1000 * Enum.count(["XYZ Inc.", "ABC Co.", "McDoogles"])
=> 3000

Now the computed value begins to bubble back up. So at this point we have

{_, updated_salesperson} = {nil, %{salesperson: "Joe", bonus: 0, accounts: 3000}}

on line 3 of our update_bonus function.

The computed bonus, 3000, is under the :accounts key, since this is the last key in our key list. We simply extract it on line 4 with

bonus = updated_salesperson[:accounts]
=> 3000

Now that we have the bonus, we just update the oringal salesperson map the was passed to us on line 5

put_in(salesperson, [:bonus], bonus)
=> %{salesperson: "Joe", bonus: 3000, accounts: ["XYZ Inc.", "ABC Co.", "McDoogles"]}

update_bonus does this for every salesperson map in the list it received, so finally, we have

update_in company, [:sales, update_bonus, :accounts], fn accounts ->
  1000 * Enum.count(accounts)
end
=> {sales: [%{accounts: ["XYZ Inc.", "ABC Co.", "McDoogles"], bonus: 3000, salesperson: "Joe"},
            %{accounts: ["ACME", "Tarjet"], bonus: 2000, salesperson: "Bob"},
            %{accounts: ["Homely Depot", "Element 84", "Pear Computers"], bonus: 3000, salesperson: "Jane"},
            %{accounts: ["Four Guys", "Gas 'N Sip'"], bonus: 2000, salesperson: "Jill"}],
    total_revenue: 10000000}

Conclusion

In this series we have seen that familiar tasks such as looping over an array or working with nested data structures can be challenging for programmers moving from an imperative language to a functional one like Elixir; challenging, but not impossible.

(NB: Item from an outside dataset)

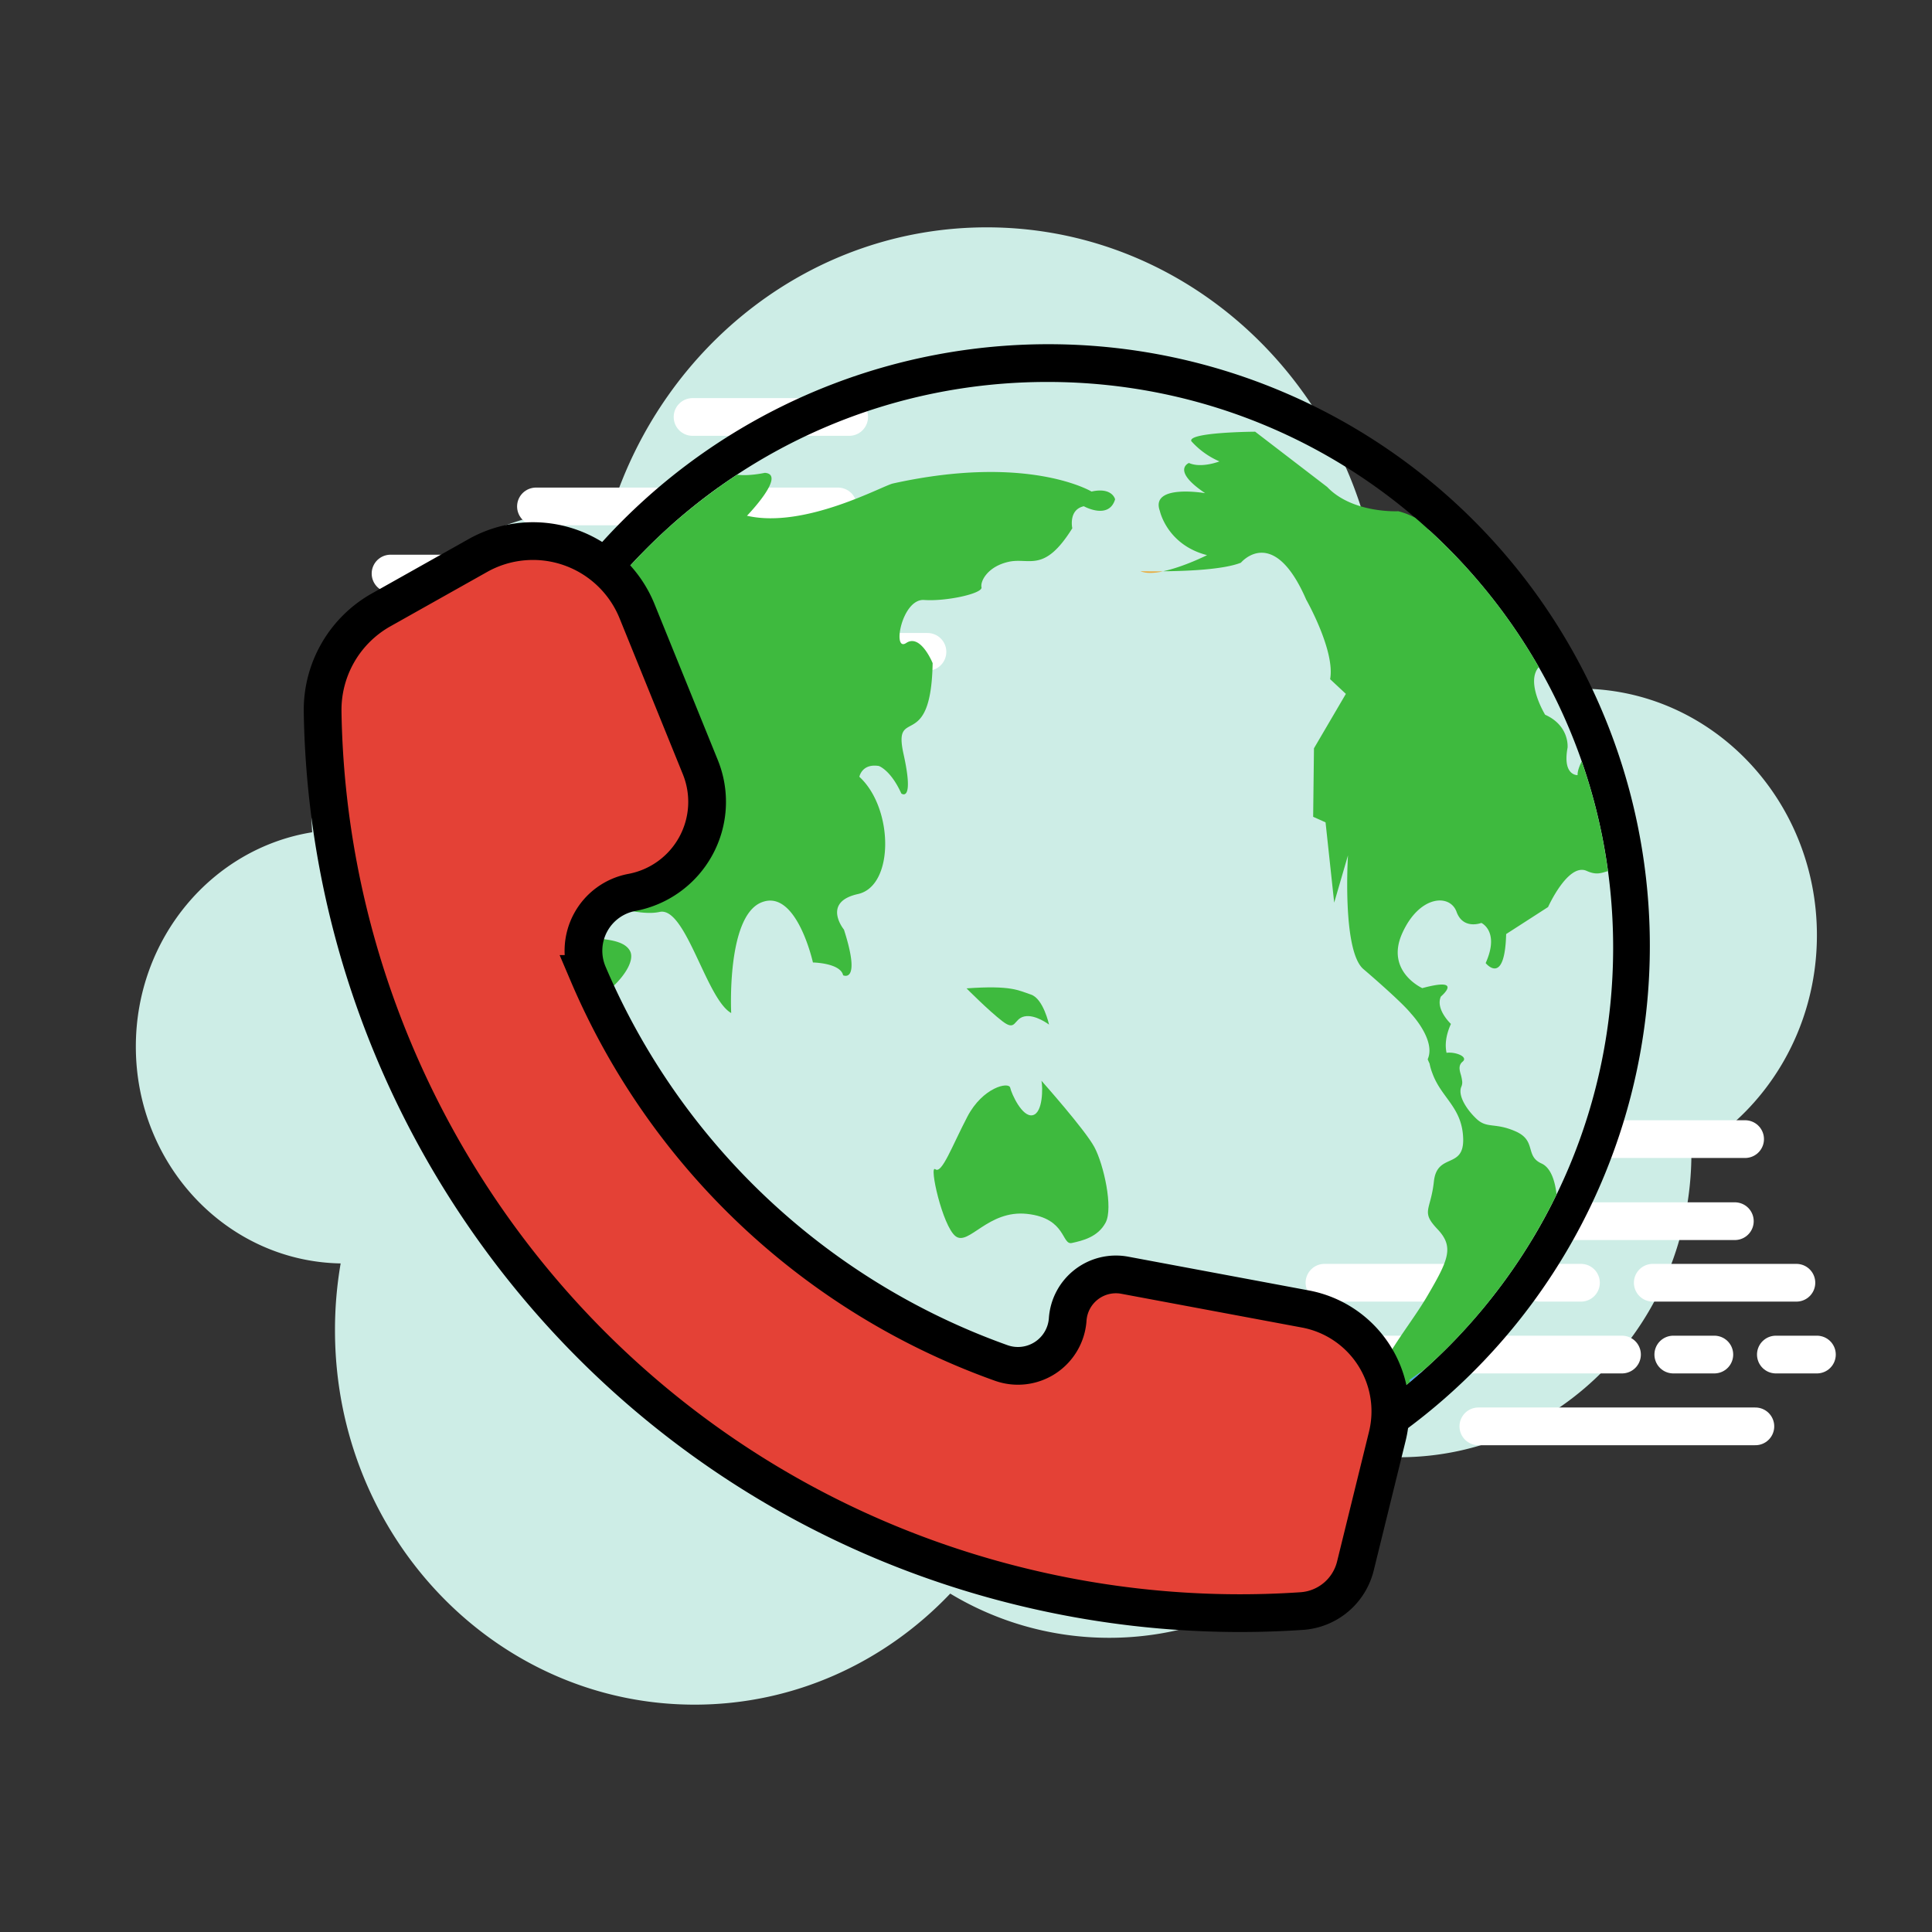 <!--?xml version="1.0" standalone="no"?--><svg xmlns="http://www.w3.org/2000/svg" viewBox="0 0 1024 1024"><rect x="0" y="0" width="1024" height="1024" fill="#333333" stroke="none"/><defs><style>.cls-1{fill:#cdede6;}.cls-2{fill:none;stroke:#fff;stroke-linecap:round;stroke-linejoin:round;}.cls-2,.cls-6{stroke-width:20px;}.cls-3{fill:#e9ab3e;}.cls-4{fill:#46a0eb;}.cls-5{fill:#3eba3e;}.cls-6{fill:#e44136;stroke:#000;stroke-miterlimit:10;}</style></defs><title>线性</title><g id="图层_3" data-name="图层 3"><path class="cls-1" d="M837.44,365q-3.5,0-7,.2c-12.84-50.73-55.79-88.74-107.75-92.07C696.09,184.66,616.74,120.5,523,120.5c-92.44,0-170.89,62.37-198.61,148.89q-2.51-.09-5-.09c-85.22,0-154.3,71.91-154.3,160.62q0,5.65.37,11.2C112.5,449.64,72,497.25,72,554.71c0,62.83,48.43,113.89,108.55,114.93a207.53,207.53,0,0,0-3,35.45c0,109.58,85.34,198.41,190.6,198.41,53,0,100.94-22.52,135.49-58.86a162.83,162.83,0,0,0,84.24,23.43c65.52,0,122.32-38.89,150.24-95.7,1.16,0,2.32,0,3.49,0,85.53,0,154.87-72.17,154.87-161.21v-.14C936,589.08,963,545.65,963,495.66,963,423.48,906.79,365,837.44,365Z"></path><line class="cls-2" x1="284.07" y1="268.43" x2="444.14" y2="268.43"></line><line class="cls-2" x1="295.93" y1="387" x2="456" y2="387"></line><line class="cls-2" x1="367.07" y1="221" x2="450.07" y2="221"></line><line class="cls-2" x1="207" y1="304" x2="290" y2="304"></line><line class="cls-2" x1="396.71" y1="304" x2="479.71" y2="304"></line><line class="cls-2" x1="331.5" y1="304" x2="355.21" y2="304"></line><line class="cls-2" x1="218.86" y1="345.5" x2="378.93" y2="345.5"></line><line class="cls-2" x1="408.57" y1="345.5" x2="432.29" y2="345.5"></line><line class="cls-2" x1="467.86" y1="345.5" x2="491.57" y2="345.5"></line><line class="cls-2" x1="772.69" y1="647.25" x2="919.5" y2="647.25"></line><line class="cls-2" x1="783.56" y1="756" x2="930.38" y2="756"></line><line class="cls-2" x1="848.81" y1="603.75" x2="924.94" y2="603.75"></line><line class="cls-2" x1="702" y1="679.88" x2="778.13" y2="679.88"></line><line class="cls-2" x1="876" y1="679.88" x2="952.13" y2="679.88"></line><line class="cls-2" x1="816.19" y1="679.88" x2="837.94" y2="679.88"></line><line class="cls-2" x1="712.88" y1="717.94" x2="859.69" y2="717.94"></line><line class="cls-2" x1="886.88" y1="717.94" x2="908.63" y2="717.94"></line><line class="cls-2" x1="941.25" y1="717.94" x2="963" y2="717.94"></line><path class="cls-3" d="M604.42,302.74c3,1.33,7.38,1.09,12.08.11C609.42,302.9,604.42,302.74,604.42,302.74Z"></path><path d="M555.16,202.44C720.76,202.44,855,336.68,855,502.27S720.76,802.11,555.16,802.11,255.33,667.87,255.33,502.27,389.57,202.44,555.16,202.44m0-20a318.9,318.9,0,1,0,124.5,25.14,317.85,317.85,0,0,0-124.5-25.14Z"></path><path class="cls-4" d="M747.3,732.44q3.66-3.06,7.21-6.23c-4.16,2.73-7.52,5.23-7.52,5.23S747.14,731.84,747.3,732.44Z"></path><path class="cls-5" d="M836.15,410.84s-8.08.42-5.31-14.53c0,0,1.25-11.59-11.89-17.49,0,0-10.51-17.18-3.36-25.24a301.2,301.2,0,0,0-65.5-79.13,39,39,0,0,0-9-3.49s-24.26,1.26-37.66-12.86l-38.17-29.29s-35.62.21-33.85,5a42.81,42.81,0,0,0,14.92,10.74s-9.6,3.79-16.17.84c0,0-9.6,3.79,8.6,16,0,0-29.31-5.06-24,9.47,0,0,3.8,17.91,25,23.38,0,0-12.42,6.26-23.28,8.54,12.67-.09,32-.88,41.22-4.53,0,0,17.17-20.63,34.63,19.6,0,0,15.43,27.17,12.66,42.12l8.35,7.8-16.91,28.85L696,432.92l6.57,2.95,4.58,42.55,7.31-25.07s-3.25,51.18,8.38,60.46c0,0,20,17.06,25,23.38,0,0,13.4,14.12,8.86,24.23,0,0,.32.88,1,2.28a29.87,29.87,0,0,0,1.56,5.31c4.75,13,15.73,17.9,16.25,34.39s-13.85,7.32-15.52,22.82-7.09,15.77,1.87,25.22,5.92,16.2-5.38,35.5-31,40-30.54,61.83q11.08-7.69,21.41-16.32c-.17-.61-.31-1-.31-1s3.36-2.5,7.52-5.23A300.83,300.83,0,0,0,825,633.1c-.64-5.83-2.52-14-8-16.45-8.79-3.95-2.54-12-13.53-16.92s-15.21-1.41-20.79-6.62-10.14-12.68-8.12-17.19a5.48,5.48,0,0,0,.44-2.62,22,22,0,0,0-.94-4.41c-.61-2.29-.94-4.46,1.17-6.2,3.12-2.62-3.87-5.31-8.53-4.68-.86-4-.51-9,2.32-15.31,0,0-8.35-7.8-5.32-14.53,0,0,12.62-10.54-9.86-4.44,0,0-19.71-8.85-10.63-29.07S768.5,473.59,772,483.28s13.15,5.89,13.15,5.89,9.85,4.44,2.28,21.28c0,0,10.12,12.64,10.86-15.38l22.22-14.32s10.59-23.58,20.45-19.16c5.18,2.33,7.57,1.16,11.27.11a297.86,297.86,0,0,0-13.91-58.15C837,406.28,836.08,408.83,836.15,410.84Z"></path><path class="cls-5" d="M312.35,629.26c-1-30.77-7.4-46.57,5.55-66.65s10.18-19.47-7.12-19.08-42.59-35.34-38.51-43.13,23.11,25.88,32.85,30.61,33.73-17.79,28.79-27-27-4.35-28.49-10.92-6.39-15.8-.87-17,31.25,10.3,45.07,7.25,24.7,46.19,37.93,53.59c0,0-2.6-51.07,16-58.63s27.32,31.83,27.32,31.83,14.54.23,16,6.79c0,0,9.74,4.73.44-24.2,0,0-11.92-14.58,7.42-18.86s18.92-45.5.75-62.14c0,0,1.31-7.18,10.32-5.73,0,0,6.25,2.06,11.92,14.58,0,0,7,5.34,1.17-20.92s14.54.23,15.43-48.17c0,0-6.39-15.8-14-10.69S478,317.17,489.82,318s31.11-3.44,30.39-6.72,3.35-11.07,14.4-13.51S553.36,304,568.34,280c0,0-2.18-9.85,6.11-11.68,0,0,13.23,7.4,16.58-3.67,0,0-1.45-6.57-12.5-4.12,0,0-33.43-20.15-105.26-4.27-5.53,1.22-46.82,24.13-77.35,17.1,0,0,21.23-21.91,9.46-22.75,0,0-8.4,1.86-14.7,1A299.9,299.9,0,0,0,259.14,454.44a68.42,68.42,0,0,1,7.9,9.24c3.8,5.37,10.53,24.07-11.5,27.81-.13,3.58-.21,7.17-.21,10.78A298.45,298.45,0,0,0,311.78,677.4C313,662.71,312.87,645,312.35,629.26Z"></path><path class="cls-5" d="M552,572.83c.73,3.28.87,17-4.66,18.25s-11.19-11.3-11.92-14.58-14.54-.23-22.69,15.35-13.53,30.54-17,27.87,3.77,30.15,10.75,35.5,17.16-14.12,37.95-11.83,18.17,16.64,23.69,15.42S581.88,655.74,586,648s-1-30.77-5.95-40S552,572.83,552,572.83Z"></path><path class="cls-5" d="M531.33,541.3c7.31,5.6,5.79-1.28,11.58-2.56s13.1,4.32,13.1,4.32-3-13.76-9.59-15.92-10.21-5-34.13-3.28C512.29,523.86,524,535.7,531.33,541.3Z"></path><path class="cls-5" d="M351.74,677.26c6.91-13.21.34-42.92.34-42.92C335.14,661.46,351.74,677.26,351.74,677.26Z"></path><path class="cls-6" d="M718.39,830A31.46,31.46,0,0,1,690,853.89q-18.35,1.25-36.94,1.09A487.77,487.77,0,0,1,551.7,843.39C327.84,793.78,174.58,597.08,171,377.43v-.37a60.84,60.84,0,0,1,31.12-53.87l51.19-28.77a59.54,59.54,0,0,1,84.33,29.51l33.56,82.7A48.85,48.85,0,0,1,334.94,473h0a31.46,31.46,0,0,0-23.2,43.21,374.84,374.84,0,0,0,218.9,206.18,26.43,26.43,0,0,0,35.26-23.06h0a25.62,25.62,0,0,1,30.27-23.43l95.71,17.89a55.17,55.17,0,0,1,43.43,67.44Z"></path></g></svg>

Once you start to think in terms of transforming data this opens up a lot of possibilities. Hopefully the examples we have worked through here have begun to help you understand how these kinds of problems can be solved with functional approaches. And hopefully I have convinced you that functional approaches are not reserved for academic problems, but are applicable to the kinds of problems you encounter every day – and that you don’t have to be a genius to use them.